Mempraktekkan Islam, Brotherhood (3)

Selama di Jerman saya membiarkan rambut saya panjang tanpa dicukur. Kalau istri saya melihat ketika kami webcam-an melalui internet, ia bilang saya gondrong tapi dia malah suka rambut saya panjang seperti ini. Pernah teman kuliah saya Giovani dari Kolombia mengomentari rambut saya yang gondrong dengan mengatakan, “Kahfi, rambutmu tumbuh tidak terkendali!” Ketika suatu saat saya sedang pulang ke Indonesia, maka komentar pertama yang meluncur dari orang tua saya adalah rambut saya.
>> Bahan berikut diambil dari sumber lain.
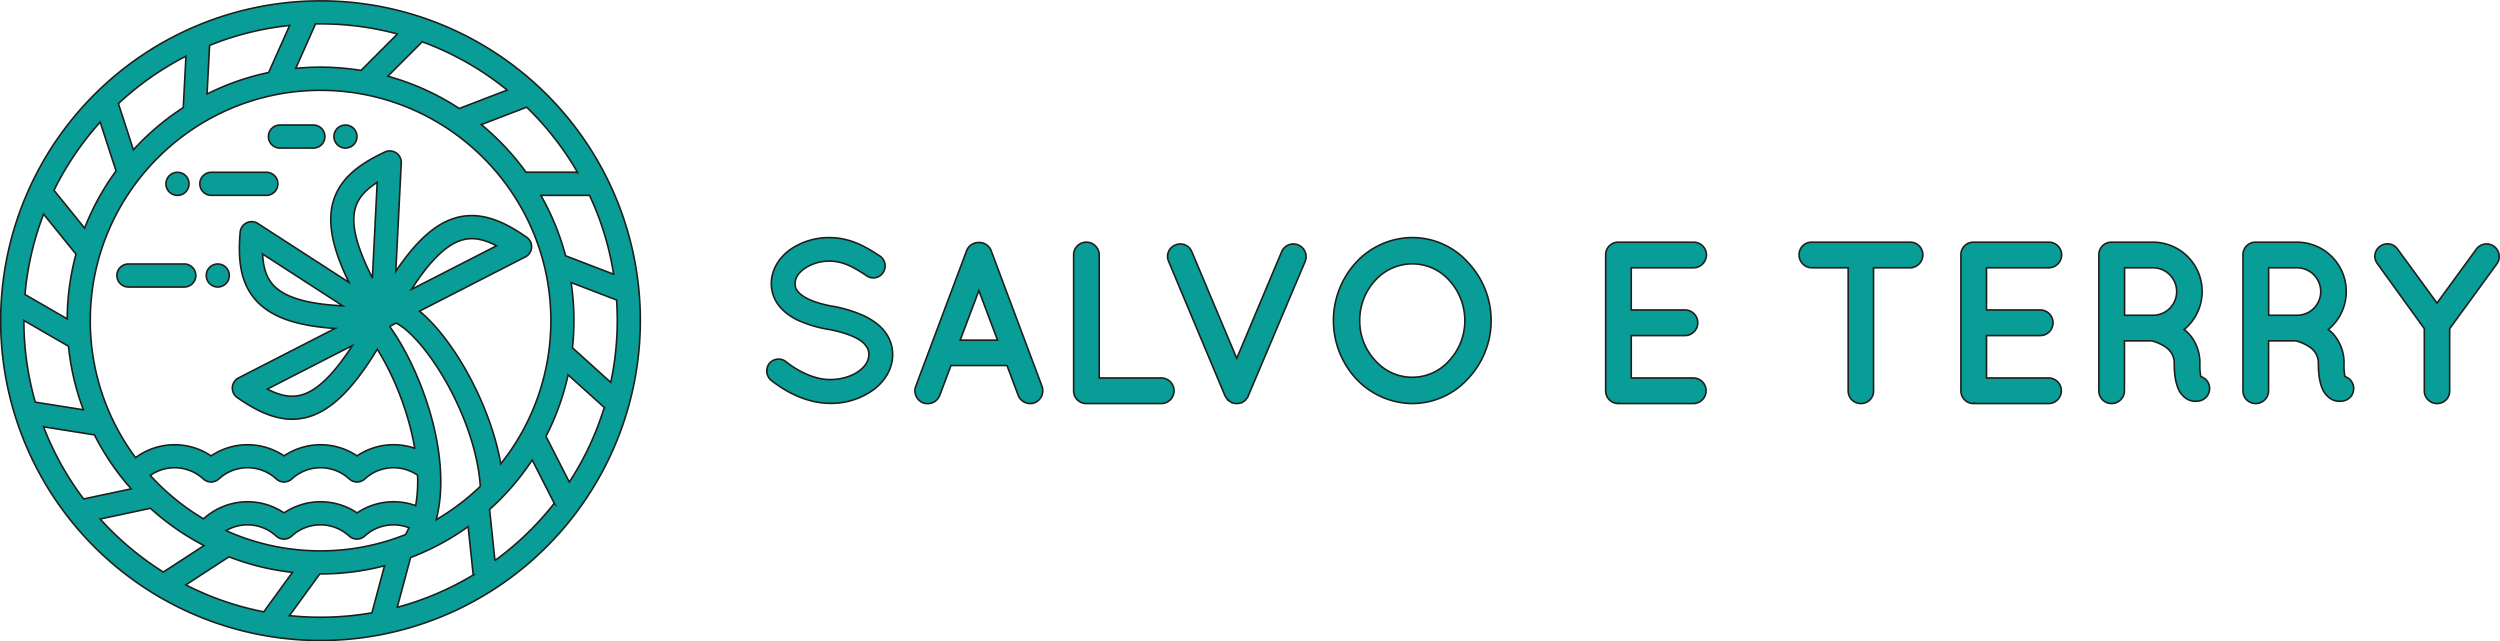 <?xml version="1.0" encoding="UTF-8"?> <svg xmlns="http://www.w3.org/2000/svg" viewBox="0 0 1535.5 393.79"><defs><style>.cls-1{fill:#089e97;stroke:#1e1f1d;stroke-miterlimit:10;}</style></defs><title>Risorsa 7</title><g id="Livello_2" data-name="Livello 2"><g id="Layer_1" data-name="Layer 1"><path class="cls-1" d="M472.53,223.23a7.38,7.38,0,0,1,10.34-1c6.23,5.09,17,11,27,10.9,7.08,0,13.45-2.12,17.7-5.24s6.09-6.65,6.09-10.19a8.07,8.07,0,0,0-1.28-4.53,13.21,13.21,0,0,0-4.25-4.25c-4.1-2.69-11-5.1-19.39-6.66h-.29a76.37,76.37,0,0,1-18.26-5.52c-5.38-2.55-10.05-6.09-13.17-11a21.77,21.77,0,0,1-3.26-11.61c0-8.5,4.82-15.86,11.33-20.67a41.84,41.84,0,0,1,24.5-7.51c13.59,0,23.64,6.66,30.86,11.33a7.28,7.28,0,0,1,2,10.05,7.15,7.15,0,0,1-10.05,2.13c-7.22-4.82-14.16-9.07-22.79-9.07a27,27,0,0,0-15.86,4.82c-3.82,2.83-5.38,5.94-5.38,8.92a6.84,6.84,0,0,0,1,4,13.5,13.5,0,0,0,3.82,3.68c3.68,2.55,10.05,4.82,17.7,6.23h.28a83.48,83.48,0,0,1,19.54,5.95c5.81,2.83,10.9,6.51,14.16,11.75a23,23,0,0,1,3.4,12c0,9.06-5.1,16.84-12.18,21.94a44.26,44.26,0,0,1-26.19,8.07c-15.29-.14-28.18-7.78-36.25-14.16A7.53,7.53,0,0,1,472.53,223.23Z"></path><path class="cls-1" d="M618.51,224.5H584.1l-6.94,18.41a7.93,7.93,0,0,1-7.36,5,8.33,8.33,0,0,1-2.69-.42,8,8,0,0,1-4.67-10.19l31.29-83.4a7.91,7.91,0,0,1,7.5-4.95,7.79,7.79,0,0,1,7.51,4.95L640,237.25a8,8,0,0,1-4.68,10.19,7.94,7.94,0,0,1-9.91-4.53Zm-5.81-15.57-11.47-30.44-11.47,30.44Z"></path><path class="cls-1" d="M659.42,240.08V156.54a7.77,7.77,0,0,1,7.79-7.79,7.89,7.89,0,0,1,7.93,7.79v75.61h38.37a7.86,7.86,0,0,1,0,15.71h-46.3A7.77,7.77,0,0,1,659.42,240.08Z"></path><path class="cls-1" d="M755.14,246.45a6.52,6.52,0,0,0-1-.71c0-.14-.15-.14-.15-.42a4,4,0,0,1-.7-.85.14.14,0,0,1-.14-.15,5.41,5.41,0,0,0-.71-1.13l-34.69-82.68A7.54,7.54,0,0,1,722,150.45a7.63,7.63,0,0,1,10,4.11l27.61,65.55,27.61-65.55a7.81,7.81,0,0,1,14.44,5.95l-35,82.68a4.29,4.29,0,0,1-.57,1.13c0,.15,0,.15-.14.15-.14.28-.57.56-.71.85a1.08,1.08,0,0,1-.28.42c-.28.28-.57.43-.85.71l-.28.14a8.1,8.1,0,0,1-1.14.71c-.14,0-.14,0-.28.14a3.35,3.35,0,0,0-1.13.28h-.29a5.32,5.32,0,0,1-1.41.14,4.9,4.9,0,0,1-1.42-.14H758a3.35,3.35,0,0,0-1.13-.28c0-.14-.15-.14-.15-.14h-.14c-.28-.14-.85-.57-1.27-.85Z"></path><path class="cls-1" d="M901.54,161.07a52,52,0,0,1,0,71.64,46.34,46.34,0,0,1-33.84,15.15A47.78,47.78,0,0,1,833,232.71a52.8,52.8,0,0,1,0-71.64,47.28,47.28,0,0,1,34.69-15.15A45.86,45.86,0,0,1,901.54,161.07Zm-1.84,35.82a36.65,36.65,0,0,0-9.63-24.77,30.5,30.5,0,0,0-22.37-10.06,30.82,30.82,0,0,0-22.94,10.06,36,36,0,0,0-9.62,24.77,35.44,35.44,0,0,0,9.62,24.64,30.28,30.28,0,0,0,45.31,0A36,36,0,0,0,899.7,196.89Z"></path><path class="cls-1" d="M986.21,240.08V156.54a7.68,7.68,0,0,1,7.78-7.79h46.3a7.86,7.86,0,0,1,7.79,7.79,8,8,0,0,1-7.79,7.93h-38.37v25.91h33a7.86,7.86,0,0,1,0,15.72h-33v26.05h38.37a7.86,7.86,0,0,1,0,15.71H994.42c-.28,0-.28-.14-.28-.14l-.15.14A7.76,7.76,0,0,1,986.21,240.08Z"></path><path class="cls-1" d="M1173.24,164.47h-22.51v75.61a7.67,7.67,0,0,1-7.79,7.78,7.76,7.76,0,0,1-7.79-7.78V164.47h-22.37a7.88,7.88,0,0,1-7.78-7.93,7.67,7.67,0,0,1,7.78-7.79h60.46a7.77,7.77,0,0,1,7.79,7.79A8,8,0,0,1,1173.24,164.47Z"></path><path class="cls-1" d="M1204.39,240.08V156.54a7.68,7.68,0,0,1,7.79-7.79h46.3a7.86,7.86,0,0,1,7.78,7.79,8,8,0,0,1-7.78,7.93h-38.37v25.91h33a7.86,7.86,0,0,1,0,15.72h-33v26.05h38.37a7.86,7.86,0,0,1,0,15.71H1212.6c-.28,0-.28-.14-.28-.14l-.14.14A7.77,7.77,0,0,1,1204.39,240.08Z"></path><path class="cls-1" d="M1356.73,236.11a7.81,7.81,0,0,1-5,9.91,12.07,12.07,0,0,1-3.12.43h-.14a10.25,10.25,0,0,1-5.52-1.56,13.88,13.88,0,0,1-4.53-4.95c-2-4.11-3-9.21-3-17a11.9,11.9,0,0,0-1.7-6.09,13.1,13.1,0,0,0-4.25-4.11,27.11,27.11,0,0,0-7.93-3.4h-16.71v30.73a7.89,7.89,0,0,1-7.93,7.78,7.76,7.76,0,0,1-7.78-7.78V156.54a7.68,7.68,0,0,1,7.78-7.79h25.35a30.28,30.28,0,0,1,19.25,53.67,21.77,21.77,0,0,1,5,5.23,26.86,26.86,0,0,1,4.67,15.3,36,36,0,0,0,.57,8.35A7.64,7.64,0,0,1,1356.73,236.11Zm-19.82-56.91a14.59,14.59,0,0,0-14.58-14.73h-17.42v29.17h17.42A14.53,14.53,0,0,0,1336.91,179.2Z"></path><path class="cls-1" d="M1445.23,236.11a7.81,7.81,0,0,1-5,9.91,12,12,0,0,1-3.11.43H1437a10.28,10.28,0,0,1-5.53-1.56,14,14,0,0,1-4.53-4.95c-2-4.11-3-9.21-3-17a11.9,11.9,0,0,0-1.7-6.09,13.1,13.1,0,0,0-4.25-4.11,27.11,27.11,0,0,0-7.93-3.4h-16.7v30.73a7.89,7.89,0,0,1-7.93,7.78,7.77,7.77,0,0,1-7.79-7.78V156.54a7.68,7.68,0,0,1,7.79-7.79h25.34a30.29,30.29,0,0,1,19.26,53.67,21.74,21.74,0,0,1,5,5.23,26.86,26.86,0,0,1,4.68,15.3,35.57,35.57,0,0,0,.56,8.35A7.64,7.64,0,0,1,1445.23,236.11ZM1425.4,179.2a14.59,14.59,0,0,0-14.58-14.73h-17.41v29.17h17.41A14.53,14.53,0,0,0,1425.4,179.2Z"></path><path class="cls-1" d="M1533.58,162.06l-29,39.79v38.23a7.66,7.66,0,0,1-7.78,7.78,7.85,7.85,0,0,1-7.79-7.78V201.85l-28.74-39.79a7.45,7.45,0,0,1,1.56-10.76,7.55,7.55,0,0,1,10.76,1.7l24.21,33.13L1521,153a7.76,7.76,0,0,1,12.6,9.06Z"></path><path class="cls-1" d="M377.85,120.45a196.49,196.49,0,0,0-361.91,0A196.39,196.39,0,0,0,335.77,335.76a196.57,196.57,0,0,0,42.08-215.31Zm-181,217.9a140.67,140.67,0,0,1-58-12.43,26,26,0,0,1,30.75,3.31,7.07,7.07,0,0,0,9.59,0,26,26,0,0,1,35.24,0,7.07,7.07,0,0,0,9.59,0,26.06,26.06,0,0,1,27.15-5.07,45.61,45.61,0,0,1-2.12,4.19A140.66,140.66,0,0,1,196.89,338.35ZM136.32,53.51q-4.66,2-9.15,4.24l1.56-29.87A181,181,0,0,1,177.9,15.64L165,44.54A155,155,0,0,0,136.32,53.51ZM112.55,66.09A156.3,156.3,0,0,0,86.86,86.86Q84.34,89.38,81.94,92L72.72,63.63a182.94,182.94,0,0,1,41.49-29.11ZM71.28,105a155,155,0,0,0-17.77,31.3c-.53,1.27-1,2.54-1.55,3.82l-18.8-23.22A182.87,182.87,0,0,1,61.53,75ZM58,267.1a154.53,154.53,0,0,0,22.59,33.15l-29.22,6.21a182,182,0,0,1-24.62-44.31ZM92.29,292a26,26,0,0,1,32.56,2.15,7.07,7.07,0,0,0,9.59,0,26,26,0,0,1,35.24,0,7.07,7.07,0,0,0,9.59,0,26,26,0,0,1,35.24,0,7.07,7.07,0,0,0,9.59,0,26,26,0,0,1,32.38-2.28,88.76,88.76,0,0,1-1.17,18.68,40.23,40.23,0,0,0-36,4.47,40.2,40.2,0,0,0-44.83,0A40.19,40.19,0,0,0,125,318.68,142.4,142.4,0,0,1,92.29,292ZM270.5,302.75c.77-11.92-.46-25-3.65-39-5.21-22.79-15.51-46.43-27.33-63l.27-.5,3.58-1.84c.14.09.28.19.43.27,9.65,5.29,22.45,21.1,32.62,40.27,10.8,20.38,17.49,41.94,18.58,59.75a142.48,142.48,0,0,1-27.07,20.47A88,88,0,0,0,270.5,302.75ZM218.29,127.63c1.71-5.84,5.87-10.78,13.38-15.62l-2.94,58.58a134.42,134.42,0,0,1-8.52-19.83C217.14,141.25,216.51,133.68,218.29,127.63Zm89.28,157.25c-6.41-36.77-29.42-77.1-49.92-93.77l65-33.3a7.07,7.07,0,0,0,.81-12.11c-8.93-6.19-20.82-13.28-33.66-13.28-16.16,0-30.77,10.48-46.69,34.22l3.34-66.5a7.08,7.08,0,0,0-10.09-6.76c-13.07,6.18-27,14.6-31.65,30.26-3.73,12.74-.76,28.6,9.63,49.81l-55.94-36.16a7.08,7.08,0,0,0-10.89,5.37c-1.18,14.19-.91,30.28,9.95,42.07,9.21,10,24.43,15.43,48.36,17l-59.27,30.36a7.08,7.08,0,0,0-.8,12.12c8.92,6.18,20.81,13.28,33.66,13.28h0c18,0,34.14-13.06,52.29-43,9.22,14.59,17.1,33.75,21.36,52.4.65,2.86,1.2,5.67,1.67,8.43A40.06,40.06,0,0,0,219.31,280a40.2,40.2,0,0,0-44.83,0,40.2,40.2,0,0,0-44.83,0,40.19,40.19,0,0,0-46.38,1.1,140.71,140.71,0,0,1-27.83-84.17c0-78,63.46-141.45,141.45-141.45S338.35,118.9,338.35,196.89A140.74,140.74,0,0,1,307.57,284.88ZM252.78,177.7c5.68-8.85,11-15.7,16.22-20.74,7.28-7.08,13.88-10.38,20.79-10.38,4.5,0,9.39,1.38,15.19,4.38Zm-42.25,10.15c-21.78-1.06-35.79-5.25-42.67-12.71-4-4.38-6.15-10.37-6.57-19.12Zm5.88,24.39c-5.69,8.85-11.06,15.7-16.22,20.73-7.28,7.09-13.88,10.39-20.79,10.39h0c-4.51,0-9.4-1.39-15.2-4.38Zm160.5-43.8-29.53-11.33A155.65,155.65,0,0,0,332.2,120h29.89A180.48,180.48,0,0,1,376.91,168.44Zm-36.64,89a154,154,0,0,0,8.65-27.19l22.23,20a181.36,181.36,0,0,1-21.48,45.84L335.34,268Q338,262.85,340.27,257.47Zm11.34-43.82a155.32,155.32,0,0,0,.89-16.76,156.89,156.89,0,0,0-1.72-23.31l27.92,10.71q.42,6.26.43,12.6a182,182,0,0,1-4,38Zm3.09-107.83H323.09a156.93,156.93,0,0,0-16.16-19q-5.43-5.43-11.3-10.26l27.84-10.69A183.68,183.68,0,0,1,354.7,105.82ZM311.53,55.33,282.07,66.64a154.67,154.67,0,0,0-43.88-19.82l21.14-21.14A182.1,182.1,0,0,1,311.53,55.33Zm-67.4-34.47L221.74,43.25a156.59,156.59,0,0,0-24.85-2q-7.68,0-15.24.74l12.17-27.33c1,0,2.05,0,3.07,0A182.23,182.23,0,0,1,244.13,20.86ZM26.78,131.53l19.9,24.58a155.28,155.28,0,0,0-5.39,39.76l-25.94-15A180.8,180.8,0,0,1,26.78,131.53ZM14.66,196.84l27.41,15.83a153.93,153.93,0,0,0,9.14,39L21.67,247a181.42,181.42,0,0,1-7-50.12ZM61.53,318.77l30.88-6.56a154.71,154.71,0,0,0,32.9,22.88l-25,16.26A183.42,183.42,0,0,1,61.53,318.77Zm52.6,40.46L140.64,342a154,154,0,0,0,39,9.54L162,375.78A181.07,181.07,0,0,1,114.13,359.23Zm63.66,18.9,18.62-25.63h.48a155.4,155.4,0,0,0,39.28-5l-7.74,28.89a183.31,183.31,0,0,1-50.64,1.73ZM244,373l8.19-30.57q2.66-1,5.28-2.12a154.86,154.86,0,0,0,30.06-16.87l3.12,29.71A181.51,181.51,0,0,1,244,373Zm60-28.68-3.3-31.43c2.13-1.91,4.23-3.88,6.27-5.92a156.62,156.62,0,0,0,19.92-24.41l13.54,26.58A183.77,183.77,0,0,1,304,344.28Z"></path><path class="cls-1" d="M163.59,105.82H129.82a7.08,7.08,0,0,0,0,14.16h33.77a7.08,7.08,0,0,0,0-14.16Z"></path><path class="cls-1" d="M109,120a7.08,7.08,0,1,0-5-2.08A7.12,7.12,0,0,0,109,120Z"></path><path class="cls-1" d="M112.92,162.14H79.15a7.08,7.08,0,1,0,0,14.15h33.77a7.08,7.08,0,1,0,0-14.15Z"></path><path class="cls-1" d="M133.76,162.14a7.07,7.07,0,1,0,5,2.07A7.09,7.09,0,0,0,133.76,162.14Z"></path><path class="cls-1" d="M192.21,76.8h-20a7.08,7.08,0,1,0,0,14.15h20a7.08,7.08,0,1,0,0-14.15Z"></path><path class="cls-1" d="M212.18,76.8a7.07,7.07,0,1,0,5,2.07A7.12,7.12,0,0,0,212.18,76.8Z"></path></g></g></svg>

Karenanya ketika lagi jalan-jalan keluar, saya memakai topi tanpa mulut untuk menutup rambut saya yang panjang ini. Anak saya ketika pertama kali melihat saya ketika ikut menjemput kedatangan saya juga terlihat heran-heran seolah ingin memastikan bahwa sosok di hadapannya adalah ayahnya. Mertua saya pun mengomentari yang sama seperti orang tua saya, maka akhirnya saya pun mencukurnya.

Sebenarnya bukan keinginan saya membiarkan rambut saya panjang, tetapi saya hanya tidak mau mengeluarkan 10 euro hanya untuk mencukur rambut, sayang rasanya, lebih baik dipakai untuk yang lain. Di Indonesia saya rutin sebulan sekali mencukur rambut, tetapi kebiasaan ini tidak bisa saya teruskan semenjak di Jerman. Kadang rambut panjang saya seolah saya jadikan niat bahwa kelak saya akan mencukurnya hanya ketika saya sampai di Indonesia.

Tetapi suatu saat rambut saya begitu panjang dan tebal, sehingga bagi saya sudah mengganggu dan susah disisir, walaupun Anwar, berujar bahwa rambut saya masih pendek, entah apa ukuran Anwar terhadap panjang dan pendeknya rambut. Maka saya pun bertanya pada saudara saya di masjid, di mana tempat cukur yang pencukurnya laki-laki dan hanya menerima pelanggan laki-laki. Ia bilang sulit menemukannya di Oldenburg. Ketika suatu saat saya bersama Chandra dan Anwar ke Hannover, saya pernah menemukan tempat cukur yang pencukurnya laki-laki dan hanya menerima pelanggan laki-laki. Sempat saya berniat hendak langsung cukur di sana, tetapi Chandra kemudian memberi saran, yang sebenarnya hanya meminta saya untuk berkesimpulan bahwa kami pada saat itu hanya ingin jalan-jalan dan bukan untuk bercukur.

Saudara saya di masjid kemudian memberi tahu bahwa ada salah seorang saudara kami di masjid yang biasanya juga mencukur rambut saudara-saudaranya yang lain, dan ongkos cukurnya lebih murah ketimbang ongkos cukur di salon. Kami pun kemudian bertemu dan bersepakat untuk bercukur padanya. Waktu itu kami bertiga plus berempat sama saudara kami sang pencukur. Kami bertemu di apartemen saudara kami yang akan mencukur kami. Saya tadinya berpikir bahwa kami akan dicukur di dalam apartemennya, tapi saya agak heran ketika saudara kami ini membawa kami ke Keller[1].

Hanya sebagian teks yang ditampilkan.